Threat intelligence is undoubtedly one of the pillars of today’s security process management landscape. Leading institutions are constantly seeking to extend the boundaries of organisational visibility, to identify, predict and prevent the most likely incidents.
In governmental environments, APT (Advanced Persistent Threat) groups and other high-risk actors can spend months or even years destroying critical infrastructure, disrupting operations, and stealing sensitive information belonging to governments all around the world. These dangerous adversaries adapt and exploit advanced evasion techniques to bypass protective measures and repeatedly attack the same targets.
Threat intelligence is critical in dealing with such actors, and primarily involves the collection, collation, and distribution of information regarding threats that compromise the integrity and confidentiality of different institutional departments. To ensure that the outcome of any cyber intelligence process will yield data of value to all stakeholders, these threats must be identified and prioritised.
Honeykube utilises container isolation technology in Kubernetes to create custom honeypots, which are then combined to seamlessly replicate government infrastructure. This allows the rapid generation of an ideal analysis environment to attract high-profile malicious actors, revealing details of the strategies they are using against information assets.
APT groups use sophisticated methods to ensure a consistent level of stealth, by lateral movement, persistence, and information manipulation. This is often of vital importance in critical infrastructures, where maintaining presence and control over long periods of time is vital to the success of their malicious campaign. Unlike a real system where it can be difficult to separate anomalous patterns from normal system events, in a honeypot all activity is presumed to be malicious, allowing a clear and comprehensive view of the flow of events.
Image 1. View of real-time attacks in Honeykube.
As the Honeykube honeypots are highly customisable on a case-by-case basis, it is impossible for an attacker to determine whether they are on a real system or inside one of our honeypots. This makes it the ideal environment to analyse the development of malicious campaigns in real time. While the attacker uses different techniques to try to escalate permissions such as exploiting zero-days, executing malware, or making lateral moves to other services, Honeykube can record each of their activities as they occur.
Image 2. Honeykube offers more than a dozen filters to quickly find the attacks of interest. For example, ransomware attacks can be rapidly identified using the attack type filter.
Image 3. Details of a ransomware attack, showing information about the malicious action detected, the source IP and the honeypot that has been affected.
Our solution was designed to track, geo-locate and reveal the mechanisms used by malicious actors, enabling advanced profiling of adversaries with details on their preferred attacks, tools, tactics, techniques, and procedures. Being able to perform advance detection of the compromise techniques being used, allows weaknesses in the security infrastructure to be identified and reviewed.

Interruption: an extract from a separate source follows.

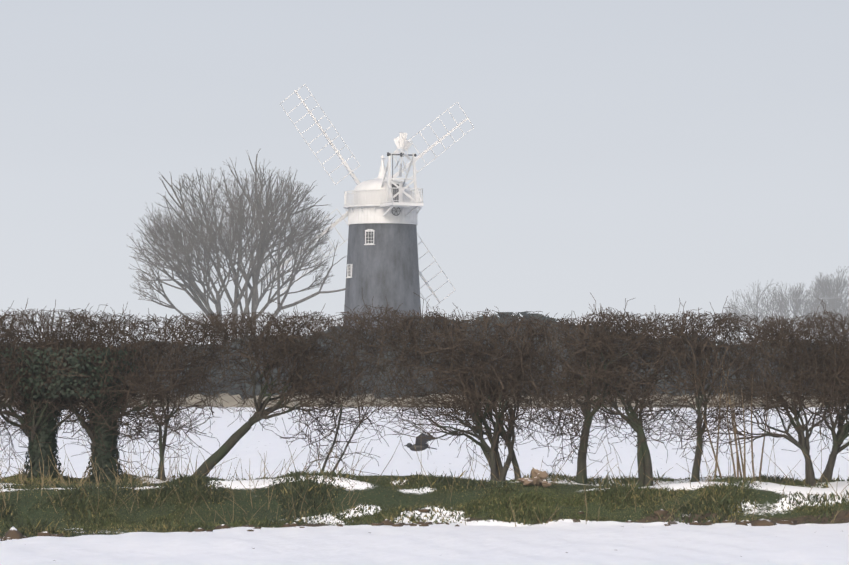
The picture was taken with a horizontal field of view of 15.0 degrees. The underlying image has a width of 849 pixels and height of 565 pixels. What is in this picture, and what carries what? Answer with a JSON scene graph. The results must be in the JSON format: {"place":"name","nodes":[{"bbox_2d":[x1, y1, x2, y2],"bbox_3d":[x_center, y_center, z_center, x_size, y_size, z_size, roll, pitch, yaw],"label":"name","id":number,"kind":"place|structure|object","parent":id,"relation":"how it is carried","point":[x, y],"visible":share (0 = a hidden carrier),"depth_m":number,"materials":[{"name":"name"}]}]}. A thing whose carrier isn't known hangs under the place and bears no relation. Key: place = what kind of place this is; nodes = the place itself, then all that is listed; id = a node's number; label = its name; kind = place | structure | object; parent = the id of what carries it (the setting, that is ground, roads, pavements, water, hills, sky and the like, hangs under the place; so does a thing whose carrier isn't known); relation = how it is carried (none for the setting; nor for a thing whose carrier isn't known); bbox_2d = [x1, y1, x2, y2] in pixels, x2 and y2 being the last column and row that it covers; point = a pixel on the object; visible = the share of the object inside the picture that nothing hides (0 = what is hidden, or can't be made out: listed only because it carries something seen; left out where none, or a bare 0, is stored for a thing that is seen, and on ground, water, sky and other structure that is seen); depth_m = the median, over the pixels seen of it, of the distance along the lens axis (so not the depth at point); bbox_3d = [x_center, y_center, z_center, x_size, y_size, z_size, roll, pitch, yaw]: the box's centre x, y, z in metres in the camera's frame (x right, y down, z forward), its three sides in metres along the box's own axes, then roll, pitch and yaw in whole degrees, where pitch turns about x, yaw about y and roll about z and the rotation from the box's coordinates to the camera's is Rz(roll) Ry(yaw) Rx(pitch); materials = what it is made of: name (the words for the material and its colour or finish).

Honeykube allows authorities to visualise the attacks being carried out against the different honeypot clusters in real time. The most frequent types of attacks, their severity and country of origin, and which services have attracted the greatest interest from adversaries, are all quickly identified.
Image 4. Statistics panel in HoneyKube.
The profiling section can identify the attackers showing real interest in the honeypots, separating them from simple exploratory scripts and providing a summary of their interactions with the different services deployed.
Image 5. Attackers profiling in Honeykube.
Image 6. Quickly display details of the malicious connections that your honeypots are receiving.
Conducting a threat assessment allows different organisational units to identify and prioritise key threats and the actor groups behind them. Understanding who is likely to target the organisation and how they are likely to do so, provides vital information, helping to inform the enhancement of security strategy.
Of course, it is not only public institutions that can find indicators of compromise linked to APT groups, and the mere existence of such indicators may be insufficient proof that the system is being targeted by known adversaries. Regardless, the ability to detect such attempts and to determine how they fit into the prevailing geopolitical agenda will be key instrengthening strategy when pursuing improved national security.